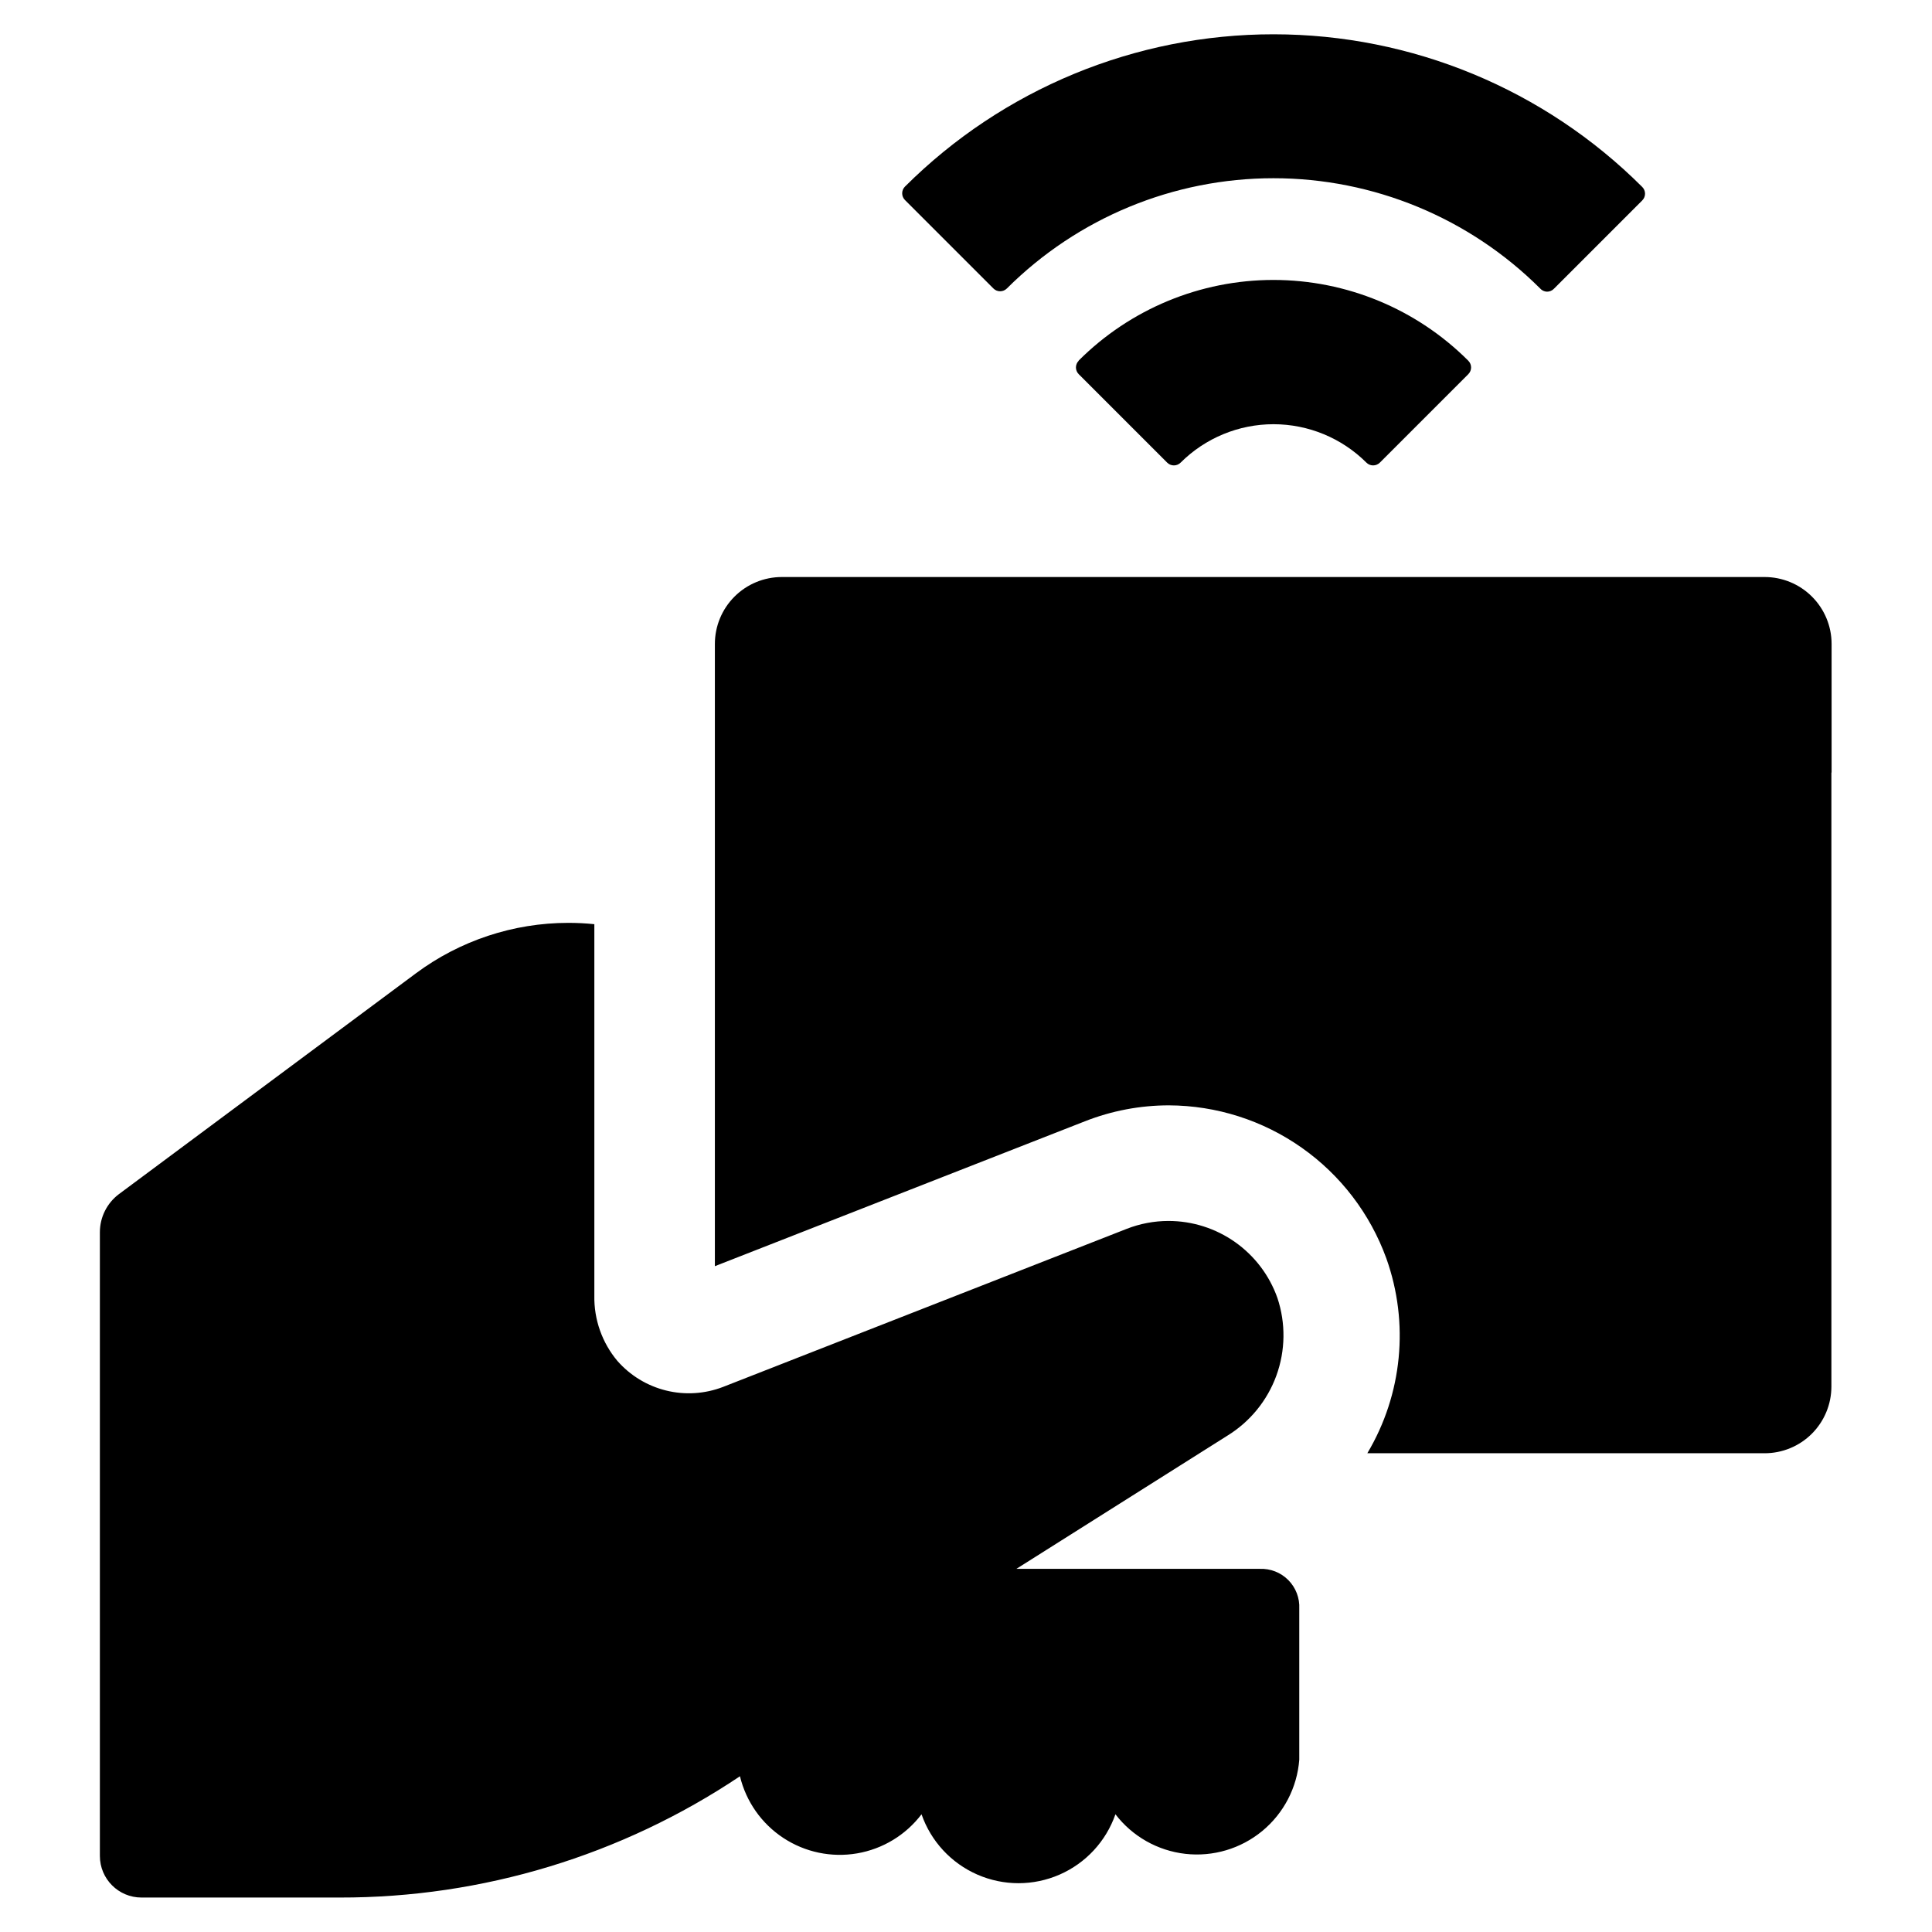 <?xml version="1.0" encoding="UTF-8"?>
<!-- Uploaded to: SVG Repo, www.svgrepo.com, Generator: SVG Repo Mixer Tools -->
<svg fill="#000000" width="800px" height="800px" version="1.1" viewBox="144 144 512 512" xmlns="http://www.w3.org/2000/svg">
 <path d="m488.32 570.34v40.004c-0.566 7.363-4.106 14.184-9.801 18.887-5.695 4.703-13.059 6.887-20.398 6.055-7.34-0.836-14.027-4.621-18.52-10.484-2.492 7.16-7.856 12.953-14.801 15.988s-14.84 3.035-21.785 0c-6.945-3.035-12.312-8.828-14.801-15.988-4.176 5.496-10.277 9.199-17.078 10.363-6.801 1.164-13.789-0.301-19.551-4.094-5.766-3.797-9.867-9.637-11.488-16.344-31.371 21.012-68.293 32.203-106.05 32.141h-52.547c-6.094 0-11.031-4.938-11.031-11.031v-165.3c0.008-3.961 1.871-7.691 5.035-10.074l78.746-58.543c11.656-8.652 25.785-13.336 40.305-13.352 2.324-0.004 4.644 0.113 6.953 0.352v98.445c-0.117 6.309 2.047 12.445 6.098 17.281 3.398 3.879 7.91 6.621 12.918 7.856 5.012 1.238 10.277 0.902 15.094-0.953l106.91-41.867h-0.004c3.547-1.395 7.324-2.113 11.133-2.117 6.332 0 12.508 1.965 17.676 5.617 5.172 3.656 9.082 8.82 11.195 14.789 2.234 6.695 2.137 13.949-0.277 20.582-2.414 6.633-7.008 12.254-13.023 15.941l-55.871 35.266h64.488l-0.004 0.004c2.832-0.117 5.582 0.961 7.578 2.977 1.992 2.012 3.047 4.773 2.902 7.602zm141.07-221.68v-34.059c-0.012-4.703-1.895-9.207-5.231-12.523-3.336-3.316-7.852-5.172-12.555-5.16h-260.42c-4.703 0-9.215 1.871-12.539 5.195-3.328 3.324-5.195 7.836-5.195 12.539v164.9l98.043-38.391c7.09-2.793 14.645-4.231 22.266-4.231 12.605 0.047 24.891 3.961 35.195 11.215 10.309 7.25 18.141 17.492 22.441 29.34 6.109 17.102 4.262 36.039-5.039 51.641h105.25c4.699 0.012 9.211-1.844 12.539-5.16 3.324-3.32 5.195-7.824 5.195-12.523v-162.63zm-199.51-109.07c-0.477 0.473-0.746 1.117-0.746 1.789s0.27 1.316 0.746 1.789l23.426 23.426c0.473 0.477 1.117 0.746 1.789 0.746s1.316-0.27 1.789-0.746c6.535-6.512 15.383-10.172 24.609-10.172 9.227 0 18.078 3.66 24.613 10.172 0.473 0.477 1.117 0.746 1.789 0.746s1.312-0.27 1.789-0.746l23.426-23.426c0.477-0.473 0.746-1.117 0.746-1.789s-0.27-1.316-0.746-1.789c-13.691-13.703-32.27-21.402-51.641-21.402s-37.949 7.699-51.641 21.402zm124.09-18.289h-0.004c0.684 0.004 1.34-0.27 1.816-0.754l23.426-23.426v-0.004c0.477-0.473 0.746-1.117 0.746-1.789s-0.27-1.312-0.746-1.785c-25.914-25.891-61.039-40.438-97.668-40.457s-71.77 14.496-97.707 40.355c-0.48 0.473-0.746 1.117-0.746 1.789 0 0.672 0.266 1.312 0.746 1.785l23.426 23.426v0.004c0.473 0.477 1.117 0.746 1.789 0.746s1.316-0.27 1.789-0.746c18.754-18.711 44.164-29.215 70.656-29.215 26.492 0 51.902 10.504 70.66 29.215 0.461 0.523 1.117 0.832 1.812 0.855z"/>
</svg>
************
## Problem description
Each entry above is to be restated exactly, without its images.

## Solution to this exercise
 <?xml version="1.0" encoding="UTF-8"?>
<!-- Uploaded to: SVG Repo, www.svgrepo.com, Generator: SVG Repo Mixer Tools -->
<svg fill="#000000" width="800px" height="800px" version="1.1" viewBox="144 144 512 512" xmlns="http://www.w3.org/2000/svg">
 <path d="m488.32 570.34v40.004c-0.566 7.363-4.106 14.184-9.801 18.887-5.695 4.703-13.059 6.887-20.398 6.055-7.34-0.836-14.027-4.621-18.52-10.484-2.492 7.16-7.856 12.953-14.801 15.988s-14.84 3.035-21.785 0c-6.945-3.035-12.312-8.828-14.801-15.988-4.176 5.496-10.277 9.199-17.078 10.363-6.801 1.164-13.789-0.301-19.551-4.094-5.766-3.797-9.867-9.637-11.488-16.344-31.371 21.012-68.293 32.203-106.05 32.141h-52.547c-6.094 0-11.031-4.938-11.031-11.031v-165.3c0.008-3.961 1.871-7.691 5.035-10.074l78.746-58.543c11.656-8.652 25.785-13.336 40.305-13.352 2.324-0.004 4.644 0.113 6.953 0.352v98.445c-0.117 6.309 2.047 12.445 6.098 17.281 3.398 3.879 7.91 6.621 12.918 7.856 5.012 1.238 10.277 0.902 15.094-0.953l106.91-41.867h-0.004c3.547-1.395 7.324-2.113 11.133-2.117 6.332 0 12.508 1.965 17.676 5.617 5.172 3.656 9.082 8.82 11.195 14.789 2.234 6.695 2.137 13.949-0.277 20.582-2.414 6.633-7.008 12.254-13.023 15.941l-55.871 35.266h64.488l-0.004 0.004c2.832-0.117 5.582 0.961 7.578 2.977 1.992 2.012 3.047 4.773 2.902 7.602zm141.07-221.68v-34.059c-0.012-4.703-1.895-9.207-5.231-12.523-3.336-3.316-7.852-5.172-12.555-5.16h-260.42c-4.703 0-9.215 1.871-12.539 5.195-3.328 3.324-5.195 7.836-5.195 12.539v164.9l98.043-38.391c7.09-2.793 14.645-4.231 22.266-4.231 12.605 0.047 24.891 3.961 35.195 11.215 10.309 7.25 18.141 17.492 22.441 29.34 6.109 17.102 4.262 36.039-5.039 51.641h105.25c4.699 0.012 9.211-1.844 12.539-5.16 3.324-3.32 5.195-7.824 5.195-12.523v-162.63zm-199.51-109.07c-0.477 0.473-0.746 1.117-0.746 1.789s0.27 1.316 0.746 1.789l23.426 23.426c0.473 0.477 1.117 0.746 1.789 0.746s1.316-0.27 1.789-0.746c6.535-6.512 15.383-10.172 24.609-10.172 9.227 0 18.078 3.66 24.613 10.172 0.473 0.477 1.117 0.746 1.789 0.746s1.312-0.27 1.789-0.746l23.426-23.426c0.477-0.473 0.746-1.117 0.746-1.789s-0.27-1.316-0.746-1.789c-13.691-13.703-32.27-21.402-51.641-21.402s-37.949 7.699-51.641 21.402zm124.09-18.289h-0.004c0.684 0.004 1.34-0.27 1.816-0.754l23.426-23.426v-0.004c0.477-0.473 0.746-1.117 0.746-1.789s-0.27-1.312-0.746-1.785c-25.914-25.891-61.039-40.438-97.668-40.457s-71.77 14.496-97.707 40.355c-0.48 0.473-0.746 1.117-0.746 1.789 0 0.672 0.266 1.312 0.746 1.785l23.426 23.426v0.004c0.473 0.477 1.117 0.746 1.789 0.746s1.316-0.27 1.789-0.746c18.754-18.711 44.164-29.215 70.656-29.215 26.492 0 51.902 10.504 70.66 29.215 0.461 0.523 1.117 0.832 1.812 0.855z"/>
</svg>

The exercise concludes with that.